━━━━━ GIVEN DATA ━━━━━

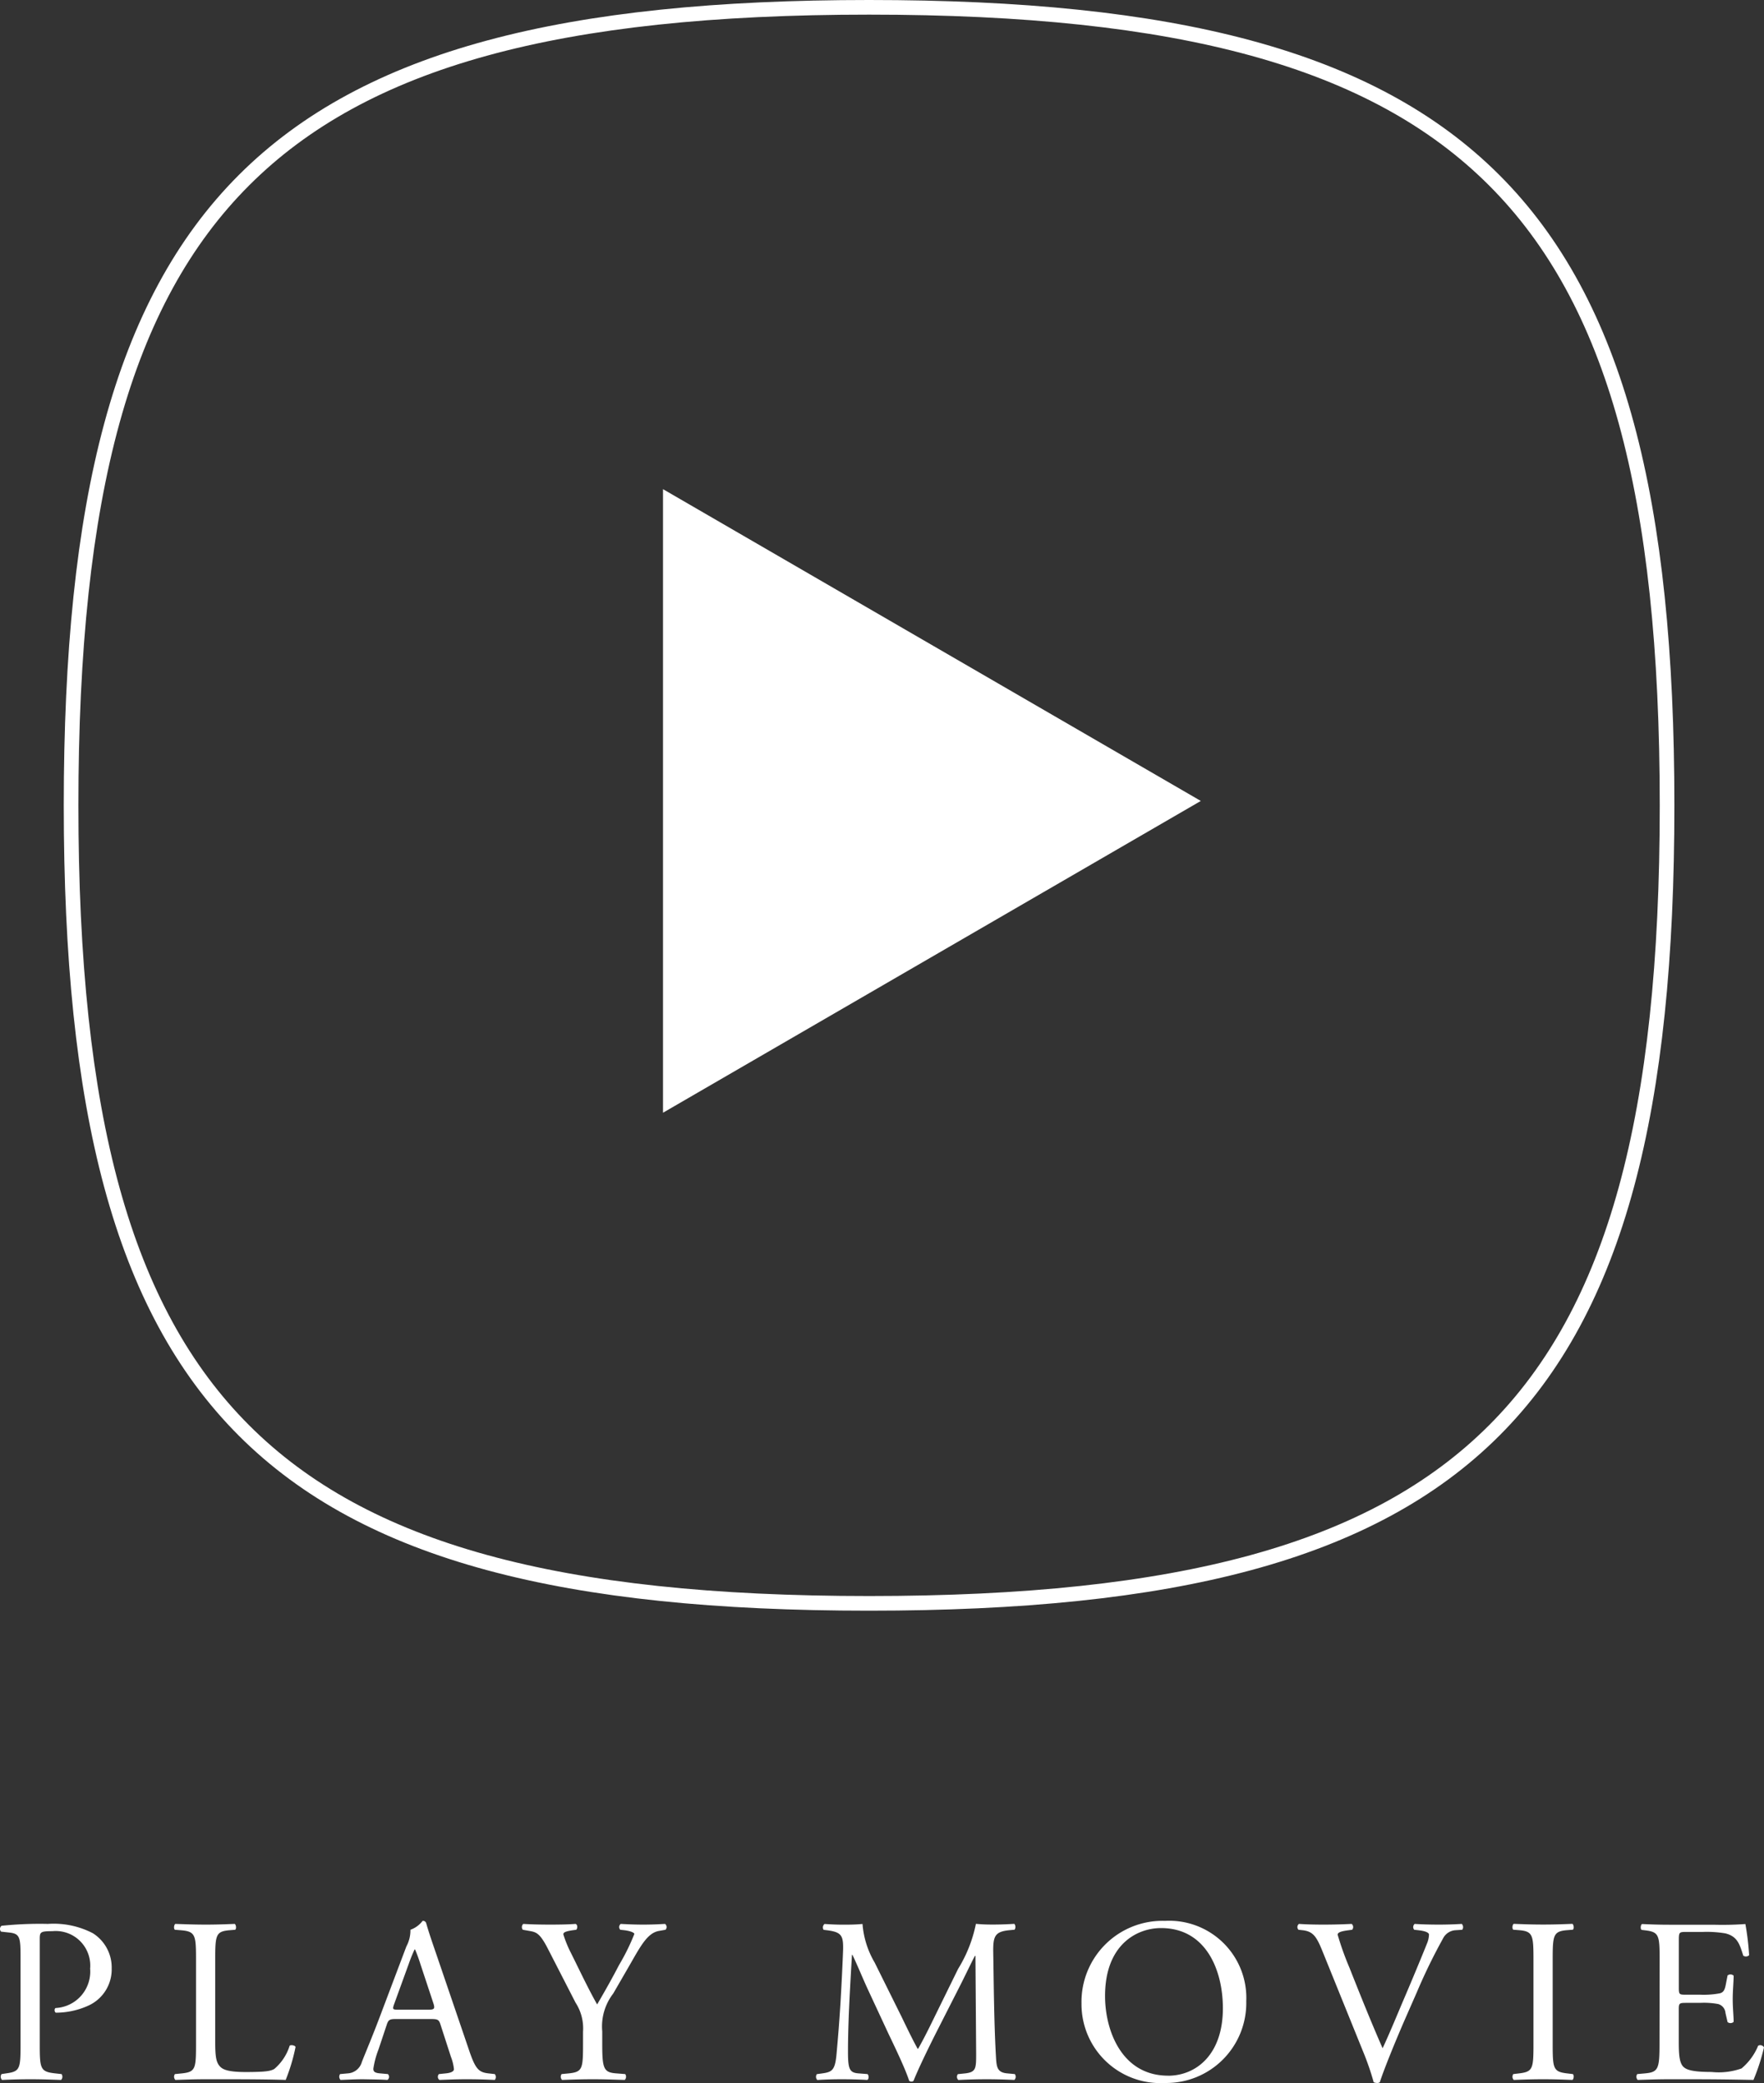 <svg xmlns="http://www.w3.org/2000/svg" width="120.475" height="142.256" viewBox="0 0 120.475 142.256">
  <rect x="0" y="0" width="120.475" height="142.256" fill="#333333" stroke="none"/>
  <g id="グループ_609" data-name="グループ 609" transform="translate(-740.645 -445)">
    <g id="グループ_569" data-name="グループ 569" transform="translate(126 5)">
      <path id="多角形_3" data-name="多角形 3" d="M21.293,0,42.586,36.73H0Z" transform="translate(696.656 473.407) rotate(90)" fill="#fff"/>
      <g id="パス_623" data-name="パス 623" transform="translate(619 440)" fill="none">
        <path d="M55,0c41.457,0,55,13.543,55,55s-13.543,55-55,55S0,96.457,0,55,13.543,0,55,0Z" stroke="none"/>
        <path d="M 55 1 C 33.783 1 20.725 4.596 12.661 12.661 C 4.596 20.725 1 33.783 1 55 C 1 76.217 4.596 89.275 12.661 97.339 C 20.725 105.404 33.783 109 55 109 C 76.217 109 89.275 105.404 97.339 97.339 C 105.404 89.275 109 76.217 109 55 C 109 33.783 105.404 20.725 97.339 12.661 C 89.275 4.596 76.217 1 55 1 M 55 0 C 96.457 0 110 13.543 110 55 C 110 96.457 96.457 110 55 110 C 13.543 110 0 96.457 0 55 C 0 13.543 13.543 0 55 0 Z" stroke="none" fill="#fff"/>
      </g>
    </g>
    <path id="パス_978" data-name="パス 978" d="M3.36-9.536c0-.512.016-.576.864-.576A2.359,2.359,0,0,1,6.8-7.552,2.489,2.489,0,0,1,4.448-4.864c-.1.032-.1.272.016.32a5.4,5.4,0,0,0,2.208-.48,2.712,2.712,0,0,0,1.6-2.544,2.764,2.764,0,0,0-1.28-2.4,5.779,5.779,0,0,0-3.072-.64,25.226,25.226,0,0,0-3.168.128.267.267,0,0,0-.032.4l.576.064c.72.08.752.352.752,1.712v5.9c0,1.68-.032,1.872-.96,2L.752-.352a.311.311,0,0,0,.032.4C1.488.016,2.064,0,2.736,0c.64,0,1.168.016,2.08.048a.313.313,0,0,0,.032-.4L4.416-.4C3.392-.512,3.36-.72,3.36-2.4ZM14.032-2.4c0,1.68-.032,1.9-.96,2l-.48.048a.311.311,0,0,0,.032.4C13.52.016,14.032,0,14.7,0h1.472c1.648,0,3.168.016,3.984.048a12.83,12.83,0,0,0,.672-2.24c0-.112-.3-.176-.4-.1A3.415,3.415,0,0,1,19.376-.7c-.256.144-.592.208-1.952.208-1.264,0-1.568-.192-1.744-.368-.288-.3-.336-.72-.336-1.728V-8.16c0-1.68.032-1.936.976-2.016l.384-.032c.1-.064.064-.352-.032-.4-.8.032-1.344.048-1.968.048-.64,0-1.184-.016-2.08-.048-.1.048-.128.336-.032.4l.4.032c1.008.08,1.04.336,1.04,2.016Zm17.408.864a3.279,3.279,0,0,1,.208.848c0,.16-.224.256-.56.288l-.464.048a.268.268,0,0,0,.032.4C31.12.032,31.728,0,32.5,0c.72,0,1.28.016,1.936.048a.314.314,0,0,0,0-.4L34-.4c-.688-.08-.9-.32-1.36-1.7L30.448-8.528c-.24-.7-.5-1.44-.7-2.144a.227.227,0,0,0-.24-.144,1.794,1.794,0,0,1-.832.608A2.3,2.3,0,0,1,28.4-9.072l-1.632,4.32C26.1-2.96,25.648-1.92,25.36-1.184A1.064,1.064,0,0,1,24.4-.4l-.528.048a.315.315,0,0,0,.032.4C24.336.032,24.912,0,25.44,0c.752.016,1.248.016,1.664.048a.257.257,0,0,0,.032-.4L26.608-.4c-.384-.032-.464-.128-.464-.32A6.117,6.117,0,0,1,26.5-2.048l.56-1.68c.112-.336.208-.384.608-.384H30.08c.48,0,.544.048.656.4ZM28.576-7.92a9.752,9.752,0,0,1,.384-.944h.032a10.541,10.541,0,0,1,.368,1.008l.864,2.608c.144.432.112.5-.352.5H27.9c-.448,0-.464-.016-.336-.384Zm13.2,4.656a3.687,3.687,0,0,1,.752-2.592L43.536-7.6c.8-1.376,1.28-2.384,2.112-2.528l.448-.08a.268.268,0,0,0-.032-.4c-.544.032-.992.048-1.488.048s-.96-.016-1.536-.048a.266.266,0,0,0-.032.4l.288.032c.384.048.672.16.672.256a14.588,14.588,0,0,1-1.04,2.112c-.48.928-1.008,1.856-1.5,2.7-.624-1.1-1.216-2.368-1.808-3.552a7.934,7.934,0,0,1-.5-1.232c0-.128.112-.208.672-.288L40-10.208c.1-.1.1-.352-.048-.4-.4.032-.976.048-1.712.048-.768,0-1.344-.016-1.856-.048a.293.293,0,0,0-.032.4l.448.08c.48.08.72.16,1.264,1.216l1.888,3.68a3.219,3.219,0,0,1,.512,1.984v.816C40.464-.72,40.432-.5,39.5-.4l-.5.048a.311.311,0,0,0,.032.4C39.888.016,40.464,0,41.136,0c.64,0,1.184.016,2.176.048a.311.311,0,0,0,.032-.4L42.736-.4c-.864-.064-.96-.32-.96-2.032Zm18.608-4.7a6.115,6.115,0,0,1-.832-2.64c-.528.048-.96.048-1.328.048-.4,0-.784-.016-1.264-.048a.3.3,0,0,0-.064.4l.256.032c.976.128,1.1.368,1.072,1.376-.032.88-.1,2.24-.176,3.568-.1,1.584-.176,2.464-.272,3.52-.1,1.12-.32,1.216-.992,1.312l-.352.048a.316.316,0,0,0,.032.4C57.008.016,57.584,0,58.1,0c.608,0,1.232.016,1.776.048.112-.048.128-.3.016-.4L59.28-.4c-.624-.048-.72-.3-.72-1.488,0-1.36.064-2.784.112-3.76.048-.928.1-1.856.16-2.848h.032c.352.736.688,1.568,1.024,2.3L61.328-3.1C61.7-2.32,62.464-.752,62.736.1A.2.2,0,0,0,62.88.16.186.186,0,0,0,63.04.1c.288-.736,1.008-2.24,1.728-3.648l1.424-2.8c.32-.624.928-1.9,1.04-2.08h.032l.048,6.672c0,1.024,0,1.28-.784,1.36l-.464.048a.3.3,0,0,0,.032.4C66.752.016,67.472,0,68.032,0c.576,0,1.232.016,1.888.048a.3.3,0,0,0,.032-.4L69.44-.4c-.752-.064-.736-.5-.784-1.3-.128-2.3-.144-5.264-.176-6.96-.016-1.12.112-1.424,1.12-1.52l.336-.032a.337.337,0,0,0-.016-.4c-.5.032-1.024.048-1.424.048-.32,0-.656,0-1.2-.048A9.361,9.361,0,0,1,66.08-7.536l-1.5,3.056c-.4.816-.8,1.648-1.232,2.4h-.032c-.384-.7-.736-1.44-1.1-2.192ZM80.208.256A5.463,5.463,0,0,0,85.76-5.328a5.266,5.266,0,0,0-5.552-5.488,5.531,5.531,0,0,0-5.7,5.648A5.388,5.388,0,0,0,80.208.256Zm.208-.5c-3.152,0-4.3-3.072-4.3-5.44,0-3.5,2.16-4.64,3.824-4.64,3.056,0,4.224,2.848,4.224,5.488C84.16-1.68,82.336-.24,80.416-.24ZM93.728-1.92A18.642,18.642,0,0,1,94.464.208a.642.642,0,0,0,.24.048A.323.323,0,0,0,94.88.208c.272-.848,1.024-2.7,1.664-4.176l.864-1.968A38.609,38.609,0,0,1,99.2-9.616a1.022,1.022,0,0,1,.832-.56l.48-.032a.315.315,0,0,0-.032-.4c-.528.032-1.024.048-1.552.048-.608,0-1.216-.016-1.664-.048a.28.28,0,0,0-.032.4l.288.032c.56.064.72.192.72.3a1.7,1.7,0,0,1-.144.624c-.272.688-1.024,2.5-1.488,3.584-.368.848-1.04,2.5-1.536,3.552-.8-1.824-1.536-3.664-2.272-5.52a20.039,20.039,0,0,1-.8-2.24c.016-.128.144-.224.752-.3l.24-.032a.28.28,0,0,0-.032-.4c-.672.032-1.232.048-1.936.048-.688,0-1.2-.016-1.664-.048a.268.268,0,0,0-.032.4l.288.032c.688.08.928.416,1.3,1.312Zm11.648-.512c0,1.7-.032,1.92-.976,2.032l-.4.048a.311.311,0,0,0,.032.4c.8-.032,1.344-.048,2.016-.048.64,0,1.184.016,1.984.048.1-.048.128-.336.032-.4l-.4-.048c-.944-.112-.976-.336-.976-2.032v-5.7c0-1.7.032-1.968.976-2.048l.4-.032c.1-.064.064-.352-.032-.4-.8.032-1.344.048-1.984.048-.672,0-1.216-.016-2.016-.048-.1.048-.128.336-.032.4l.4.032c.944.08.976.352.976,2.048Zm8.608.032c0,1.68-.08,1.92-.992,2l-.528.048a.311.311,0,0,0,.032.4C113.44.016,113.984,0,114.672,0h1.44c1.424,0,2.848.016,4.288.048a13.943,13.943,0,0,0,.72-2.224.294.294,0,0,0-.4-.112,4.017,4.017,0,0,1-1.136,1.552,4.683,4.683,0,0,1-2.048.24c-1.408,0-1.744-.176-1.936-.368-.256-.272-.3-.816-.3-1.664V-4.784c0-.416.048-.432.528-.432h.928a5.352,5.352,0,0,1,1.232.08.684.684,0,0,1,.5.608l.144.624a.316.316,0,0,0,.416-.016c0-.352-.064-.96-.064-1.536,0-.608.064-1.232.064-1.616a.316.316,0,0,0-.416-.016l-.128.656c-.08.4-.192.5-.384.56a5.935,5.935,0,0,1-1.36.1h-.928c-.48,0-.528,0-.528-.448v-3.2c0-.608,0-.64.48-.64h1.152a7.638,7.638,0,0,1,1.552.1c.832.208.976.768,1.216,1.52a.315.315,0,0,0,.4-.032,17.977,17.977,0,0,0-.256-2.128,21.476,21.476,0,0,1-2.16.048h-3.008c-.656,0-1.2-.016-1.888-.048-.1.048-.128.336-.032.4l.256.032c.944.112.976.352.976,2.016Z" transform="translate(740 587)" fill="#fff"/>
  </g>
</svg>

━━━━━

WHAT THE EXERCISE ASKS: Lines with "stroke" in them are what the answer must contain; copy each from the records above.

RESULT OF THE EXERCISE:
  <rect x="0" y="0" width="120.475" height="142.256" fill="#333333" stroke="none"/>
        <path d="M55,0c41.457,0,55,13.543,55,55s-13.543,55-55,55S0,96.457,0,55,13.543,0,55,0Z" stroke="none"/>
        <path d="M 55 1 C 33.783 1 20.725 4.596 12.661 12.661 C 4.596 20.725 1 33.783 1 55 C 1 76.217 4.596 89.275 12.661 97.339 C 20.725 105.404 33.783 109 55 109 C 76.217 109 89.275 105.404 97.339 97.339 C 105.404 89.275 109 76.217 109 55 C 109 33.783 105.404 20.725 97.339 12.661 C 89.275 4.596 76.217 1 55 1 M 55 0 C 96.457 0 110 13.543 110 55 C 110 96.457 96.457 110 55 110 C 13.543 110 0 96.457 0 55 C 0 13.543 13.543 0 55 0 Z" stroke="none" fill="#fff"/>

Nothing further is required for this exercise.